Я взглянула на Алару:
– Если твоя бабушка и дед Приста не были друзьями, откуда он знал, что диск нужно прятать в Миддл-Ривер?
– Бабушка держала булочную в Эль-Портале, во Флориде, где мы жили. Иногда ей приходили сообщения. Они всегда были зашифрованы и приходили в конвертах без обратного адреса. Она уносила их в свой потайной кабинет, где делала обереги, и там расшифровывала. Может, он прислал ей эту статью про Миллисент Эй вери или каким-то другим образом сообщил, что диск здесь.
Я попыталась представить себе жизнь, полную правил и тайн, которой ни один из них, похоже, не тяготился. Допустим, Джаред с Лукасом всегда были вместе, но как же Алара и Прист? Были ли у них друзья в прошлой жизни?
Алара коснулась пальцем газетной вырезки:
– Бабушка много раз рассказывала мне эту историю. Она говорила, что хорошая мать всегда защищает своего ребенка.

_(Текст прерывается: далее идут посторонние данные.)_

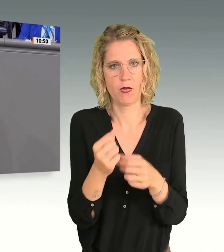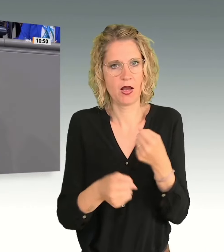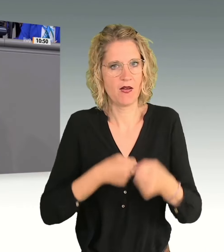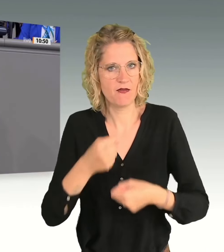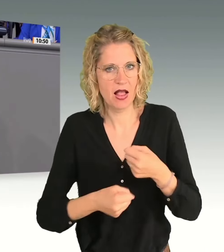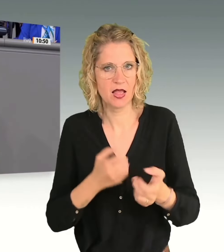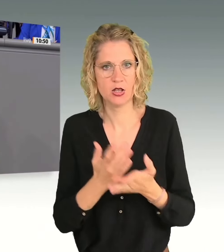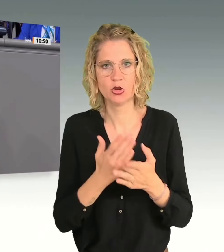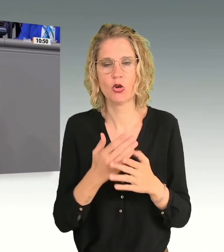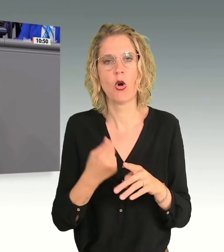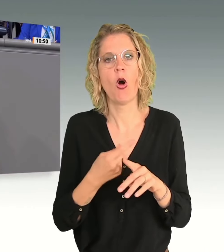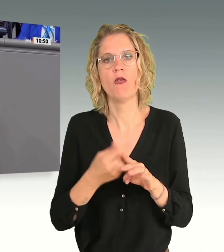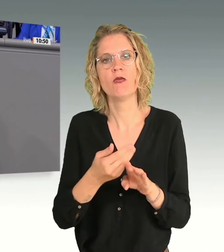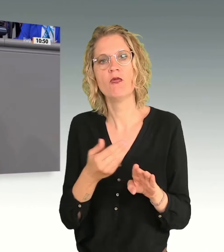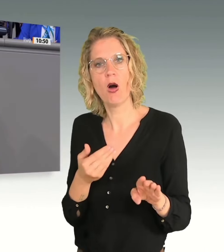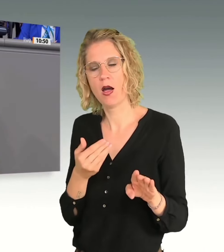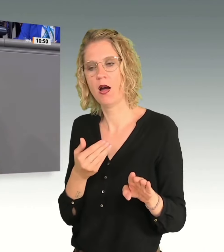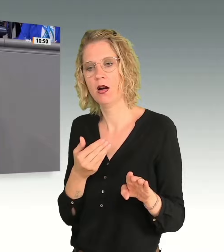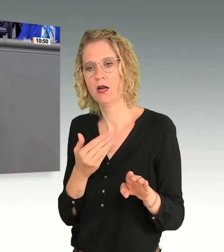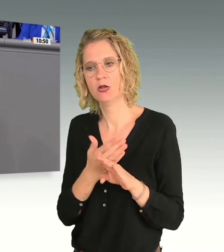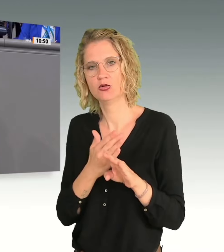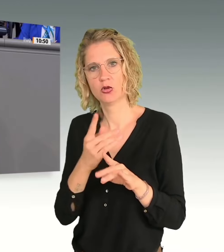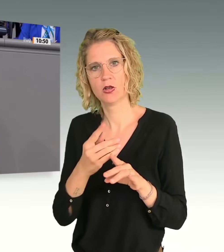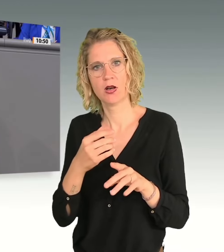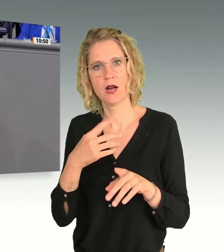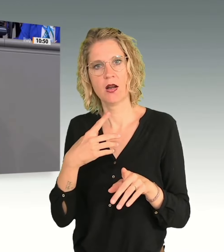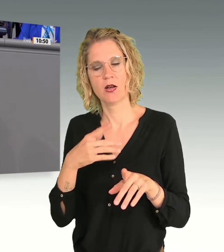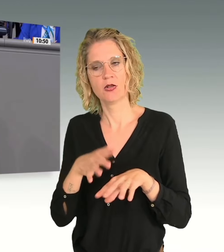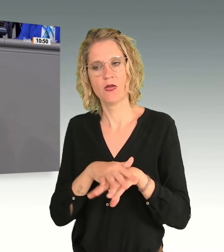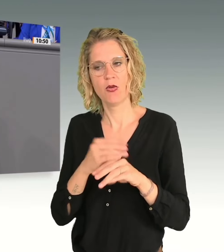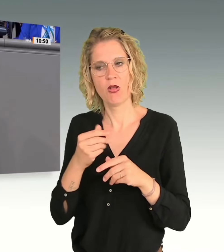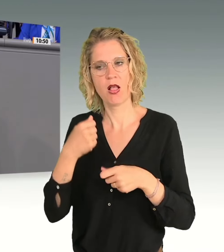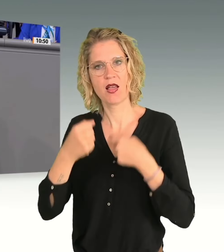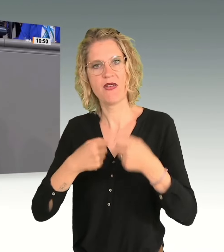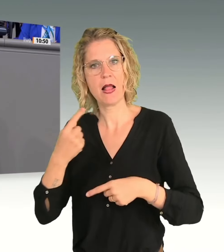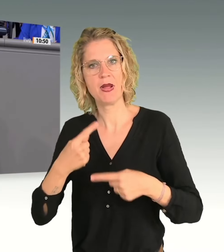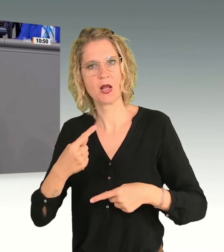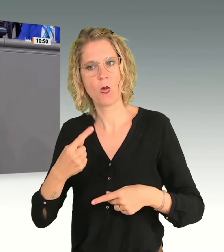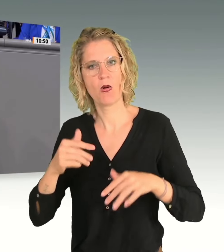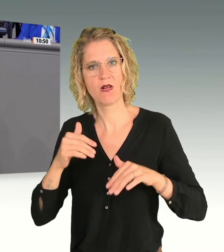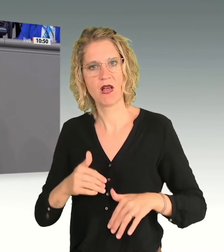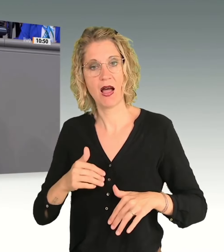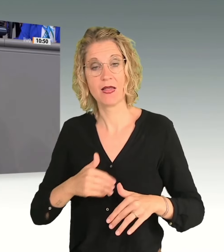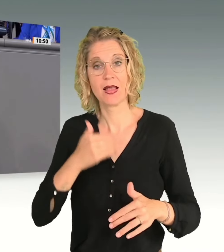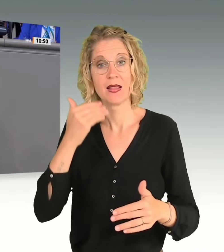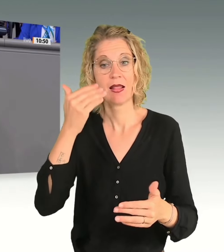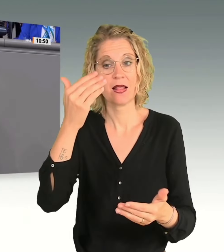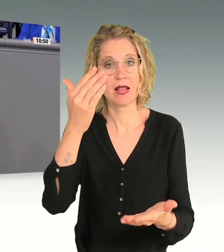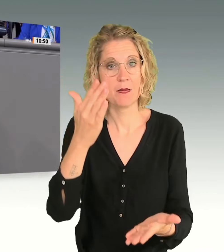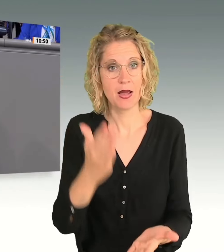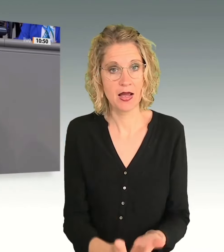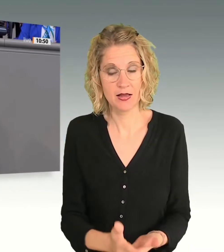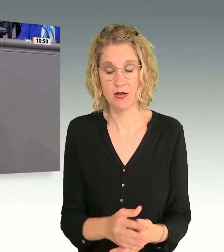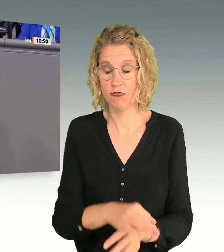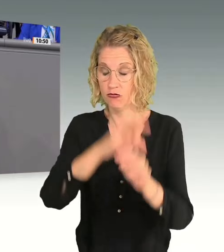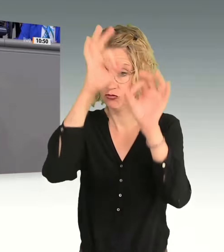im Vorfeld sich dieser Gewalt und dieser Drohung ausgesetzt fühlen. Es ist dann natürlich am Ende besonders
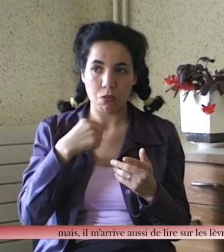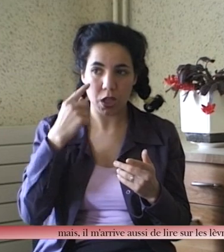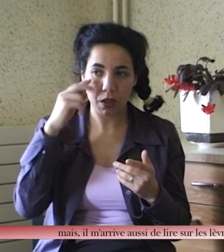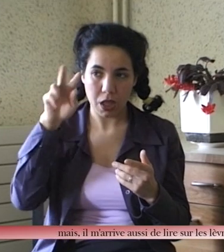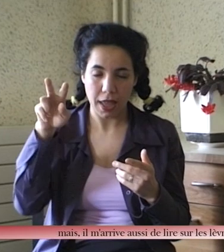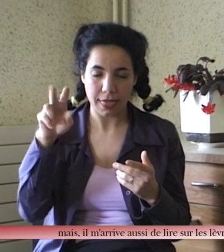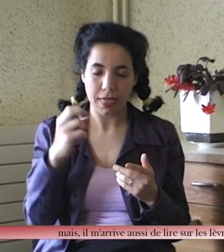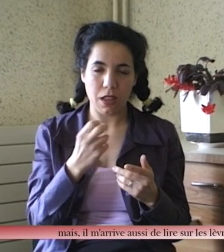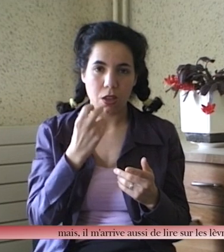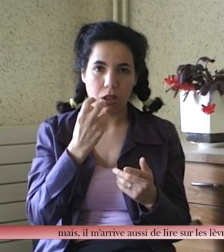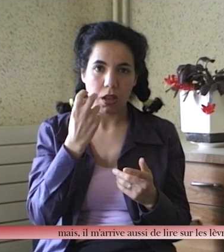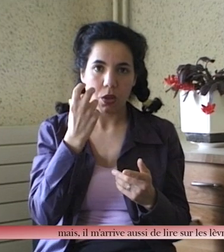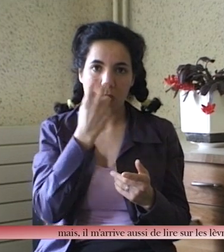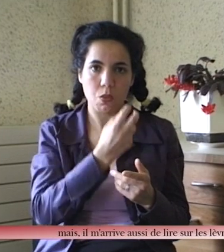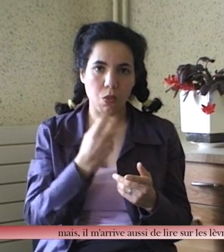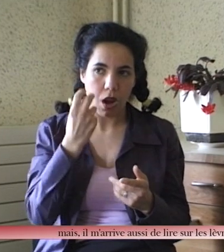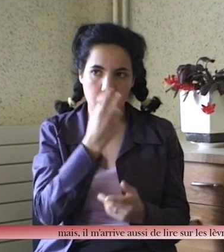Mais il m'arrive aussi de lire sur les lèvres.

– Может, Миллисент теперь защищает что-то другое, – предположила я.
– Если диск при ней, не нужно объяснять, что это значит.
Прист покачал головой.
– Что он в колодце, – закончил за него Лукас.
Алара набросила на злополучный розовый коктейль салфетку:
– Значит, нам рано или поздно придется туда отправиться.
Джаред кивнул в сторону телевизора, висящего на стене.
– Я за «рано», – прошептал он.
Звук был приглушен, но в нижней части экрана бежала красная строка «Пропала без вести: Кеннеди Уотерс, 17 лет. В последний раз ее видели у ее дома в Джорджтауне». С экрана мне улыбалось моя собственная фотография из школьного альбома.
Я напрягла слух, пытаясь разобрать слова диктора.
– Кеннеди Уотерс, семнадцать лет, рост пять футов четыре дюйма, вес сто двадцать фунтов, длинные каштановые волосы, карие глаза. В последний раз ее видели тридцатого ноября у ее дома на Оу-стрит в Джорджтауне.
На экране замелькали, сменяя друг друга, снятые трясущейся камерой кадры моей улицы. Потом крупным планом показали то, что осталось от моего двора. Повсюду были полицейские: на заднем плане вспыхивали красно-голубые сполохи мигалок.
Джаред вложил мне в ладонь ключи от фургона и молча кивнул на дверь. Потом подошел к кассе и заказал чашку кофе, чтобы отвлечь официантку, а я тем временем прошмыгнула на улицу.
Я сидела на переднем сиденье фургона и смотрела, как Джаред строит глазки женщине, годящейся ему в матери, Лукас в это время небрежно собрал тетради, Алара натянула кожаную куртку, а Прист рассовал свои приборы и отвертки по карманам рюкзака.
Если не знать подоплеки, они выглядели как четыре совершенно обычных подростка, зашедших выпить кофе по дороге в школу: парень, о котором никто ничего толком не знал, потому что он никого не подпускал к себе достаточно близко, вундеркинд, который перескочил через три класса и все равно мог в уме решить любое задание по математике, девушка, встречаться с которой хотели бы все парни, но боялись даже подойти, и парень из соседнего двора, который знал слишком много секретов, но был так обаятелен, что не доверять ему было невозможно. Но я-то знала, что все это одновременно описывает и не описывает их.
Потому что они были частью чего-то большего.
Когда они показались из-за стеклянной двери, я, впервые за все время, представила, что тоже являюсь его частью.